Thursday, Oct. 31, 1996 | 11:59 a.m.

CARSON CITY -- Western election officials, who believe voter turnout declines when television networks predict winners before the polls close in the West, are calling for network restraint.

Nevada Secretary of State Dean Heller said Wednesday he has joined with his counterparts in seven Western states in asking the networks to hold off projecting winners in presidential and congressional races.

"In many cases, this factor prevents these voters from casting their own vote based on the assumption that it will not count," Heller said.

He has joined with secretaries of state from California, Arizona, Idaho, Montana, Oregon, Utah and Washington in urging the networks to refrain from predicting the winners.

"If the news media accepts this proposal, it will give all Americans an equal chance to participate in selecting our national and local leaders," said Heller, a Republican.

Lane Venardos, CBS News vice president, discounts such worries.

"We have uncovered not one whit of actual evidence that because some TV network called a presidential race before the polls closed anybody ever decided not to go to the poll or to leave the poll before casting his vote," he said.

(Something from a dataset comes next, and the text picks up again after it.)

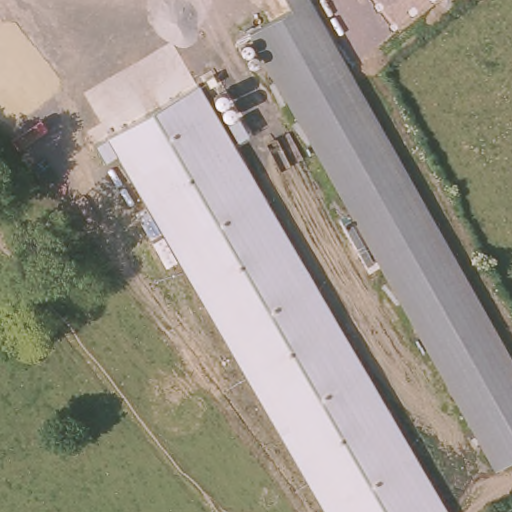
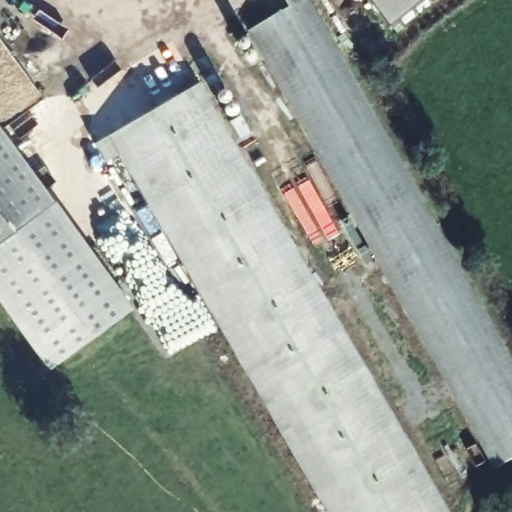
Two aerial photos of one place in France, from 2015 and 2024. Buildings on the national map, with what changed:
unchanged [(253,33),(292,10),(286,0),(308,0),(512,353),(512,463),(505,467),(253,33)]
unchanged [(370,0),(436,0),(395,33),(370,0)]
unchanged [(117,155),(105,161),(95,144),(197,84),(448,512),(325,512),(117,155)]
new [(0,130),(54,203),(132,310),(48,372),(0,305),(0,130)]

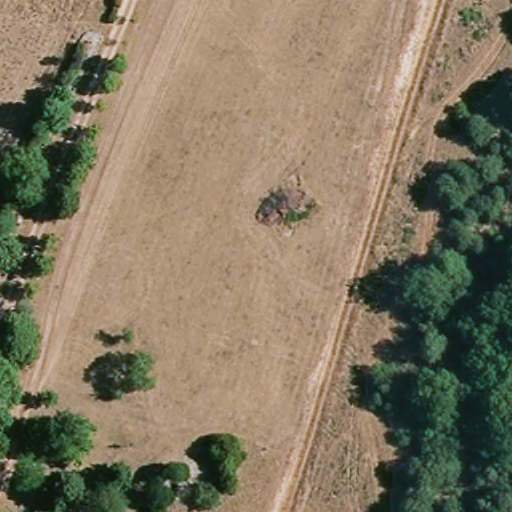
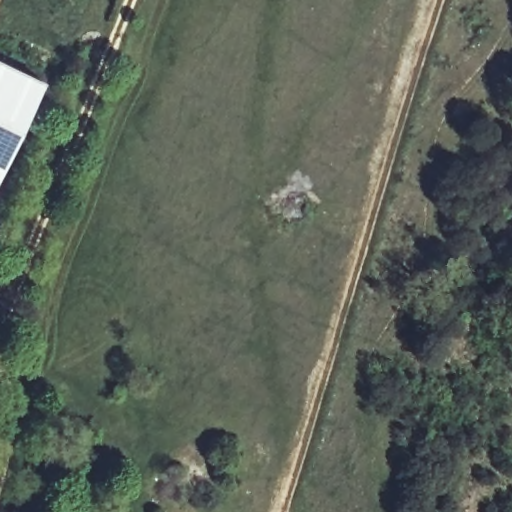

Political scientist Eric Herzik agreed.

"People who decide to vote are going to vote," said Herzik, chairman of the political science department at the University of Nevada, Reno.

Studies don't prove that voters in the East and Midwest flock to the polls in greater numbers than in the West, Herzik said.

The highest turnouts are in Minnesota and Utah, he said.

The only time the voter turnout may have been affected was in 1980, when President Carter conceded defeat before the polls closed in the West, Herzik said. He said the candidate, not the media, affected the turnout.

Carter conceded the race to Ronald Reagan based on exit-poll projections conducted by the television networks before the polls closed in the West.

Voter turnout has been declining since 1948, long before the networks started predicting winners, Herzik said.

The networks have shown restraint in many elections, he said. They conduct exit polls and could predict the election in each state before the polls close.

Polls close in the West three hours later than in the East, where the major networks are based.

Network policy is not to declare a presidential winner in a state until a majority of polls in that state have closed.

However, Heller and other officials are concerned that President Clinton has such a big lead that he may pile up a winning number of electoral votes in the East and Midwest before the polls close in the West.

Some experts predict that a low turnout could hurt Republicans in California and Western states. The concern is that a landslide victory for Clinton could discourage GOP voters in the West from going to the polls. Low turnouts could affect congressional races and even elections for local offices.

Stanley Moore, a political science professor at Pepperdine University in California, said several close races in California could hinge on the presidential turnout.

"In some districts, if Republicans get discouraged and don't show up at the polls, it could hurt them," he said.